_PROBLEM TO WORK ON:_ Could you transcribe all of the data word for word?

Dataset records
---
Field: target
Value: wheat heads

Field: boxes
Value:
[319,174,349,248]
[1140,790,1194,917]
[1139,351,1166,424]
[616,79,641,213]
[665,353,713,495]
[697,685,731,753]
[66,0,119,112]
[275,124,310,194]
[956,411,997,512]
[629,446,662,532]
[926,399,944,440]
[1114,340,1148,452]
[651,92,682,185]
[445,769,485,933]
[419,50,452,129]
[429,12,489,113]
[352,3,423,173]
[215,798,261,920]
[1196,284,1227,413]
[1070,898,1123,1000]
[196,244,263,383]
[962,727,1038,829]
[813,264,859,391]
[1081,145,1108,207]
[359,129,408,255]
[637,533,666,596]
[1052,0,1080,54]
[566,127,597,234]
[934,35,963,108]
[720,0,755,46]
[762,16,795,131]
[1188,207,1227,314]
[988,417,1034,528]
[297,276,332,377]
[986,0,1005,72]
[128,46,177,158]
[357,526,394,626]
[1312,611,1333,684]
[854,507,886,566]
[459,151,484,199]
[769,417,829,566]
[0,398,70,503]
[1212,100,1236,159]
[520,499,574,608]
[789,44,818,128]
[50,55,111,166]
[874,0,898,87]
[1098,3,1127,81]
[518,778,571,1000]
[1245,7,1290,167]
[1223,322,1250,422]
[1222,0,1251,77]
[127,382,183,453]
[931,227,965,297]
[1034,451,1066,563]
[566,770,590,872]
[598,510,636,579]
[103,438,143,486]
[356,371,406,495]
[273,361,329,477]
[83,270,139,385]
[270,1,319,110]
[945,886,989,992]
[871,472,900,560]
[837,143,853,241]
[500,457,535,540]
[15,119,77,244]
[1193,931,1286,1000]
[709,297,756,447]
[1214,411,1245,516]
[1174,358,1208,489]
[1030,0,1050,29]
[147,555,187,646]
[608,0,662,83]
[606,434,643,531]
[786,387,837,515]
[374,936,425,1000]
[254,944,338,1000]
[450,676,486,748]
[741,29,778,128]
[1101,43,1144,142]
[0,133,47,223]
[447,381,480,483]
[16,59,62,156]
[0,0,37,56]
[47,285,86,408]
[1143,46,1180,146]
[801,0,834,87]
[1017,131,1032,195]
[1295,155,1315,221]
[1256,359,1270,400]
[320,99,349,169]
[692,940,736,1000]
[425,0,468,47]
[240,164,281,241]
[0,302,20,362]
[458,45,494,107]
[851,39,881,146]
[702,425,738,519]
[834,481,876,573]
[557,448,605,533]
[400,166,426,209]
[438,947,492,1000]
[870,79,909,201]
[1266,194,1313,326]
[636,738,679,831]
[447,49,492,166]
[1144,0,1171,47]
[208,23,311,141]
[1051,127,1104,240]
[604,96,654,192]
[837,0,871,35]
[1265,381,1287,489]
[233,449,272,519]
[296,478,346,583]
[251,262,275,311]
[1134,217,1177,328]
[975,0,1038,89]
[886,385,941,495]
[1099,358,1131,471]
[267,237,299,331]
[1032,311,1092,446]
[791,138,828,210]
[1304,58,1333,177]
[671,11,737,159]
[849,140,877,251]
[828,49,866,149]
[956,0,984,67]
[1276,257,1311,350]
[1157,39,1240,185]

_RESPONSE TO THIS TASK:_
---
Field: target
Value: wheat heads

Field: boxes
Value:
[319,174,349,248]
[1140,790,1194,917]
[1139,351,1166,424]
[616,79,641,213]
[665,353,713,495]
[697,685,731,753]
[66,0,119,112]
[275,124,310,194]
[956,411,997,512]
[629,446,662,532]
[926,399,944,440]
[1114,340,1148,452]
[651,92,682,185]
[445,769,485,933]
[419,50,452,129]
[429,12,489,113]
[352,3,423,173]
[215,798,261,920]
[1196,284,1227,413]
[1070,898,1123,1000]
[196,244,263,383]
[962,727,1038,829]
[813,264,859,391]
[1081,145,1108,207]
[359,129,408,255]
[637,533,666,596]
[1052,0,1080,54]
[566,127,597,234]
[934,35,963,108]
[720,0,755,46]
[762,16,795,131]
[1188,207,1227,314]
[988,417,1034,528]
[297,276,332,377]
[986,0,1005,72]
[128,46,177,158]
[357,526,394,626]
[1312,611,1333,684]
[854,507,886,566]
[459,151,484,199]
[769,417,829,566]
[0,398,70,503]
[1212,100,1236,159]
[520,499,574,608]
[789,44,818,128]
[50,55,111,166]
[874,0,898,87]
[1098,3,1127,81]
[518,778,571,1000]
[1245,7,1290,167]
[1223,322,1250,422]
[1222,0,1251,77]
[127,382,183,453]
[931,227,965,297]
[1034,451,1066,563]
[566,770,590,872]
[598,510,636,579]
[103,438,143,486]
[356,371,406,495]
[273,361,329,477]
[83,270,139,385]
[270,1,319,110]
[945,886,989,992]
[871,472,900,560]
[837,143,853,241]
[500,457,535,540]
[15,119,77,244]
[1193,931,1286,1000]
[709,297,756,447]
[1214,411,1245,516]
[1174,358,1208,489]
[1030,0,1050,29]
[147,555,187,646]
[608,0,662,83]
[606,434,643,531]
[786,387,837,515]
[374,936,425,1000]
[254,944,338,1000]
[450,676,486,748]
[741,29,778,128]
[1101,43,1144,142]
[0,133,47,223]
[447,381,480,483]
[16,59,62,156]
[0,0,37,56]
[47,285,86,408]
[1143,46,1180,146]
[801,0,834,87]
[1017,131,1032,195]
[1295,155,1315,221]
[1256,359,1270,400]
[320,99,349,169]
[692,940,736,1000]
[425,0,468,47]
[240,164,281,241]
[0,302,20,362]
[458,45,494,107]
[851,39,881,146]
[702,425,738,519]
[834,481,876,573]
[557,448,605,533]
[400,166,426,209]
[438,947,492,1000]
[870,79,909,201]
[1266,194,1313,326]
[636,738,679,831]
[447,49,492,166]
[1144,0,1171,47]
[208,23,311,141]
[1051,127,1104,240]
[604,96,654,192]
[837,0,871,35]
[1265,381,1287,489]
[233,449,272,519]
[296,478,346,583]
[251,262,275,311]
[1134,217,1177,328]
[975,0,1038,89]
[886,385,941,495]
[1099,358,1131,471]
[267,237,299,331]
[1032,311,1092,446]
[791,138,828,210]
[1304,58,1333,177]
[671,11,737,159]
[849,140,877,251]
[828,49,866,149]
[956,0,984,67]
[1276,257,1311,350]
[1157,39,1240,185]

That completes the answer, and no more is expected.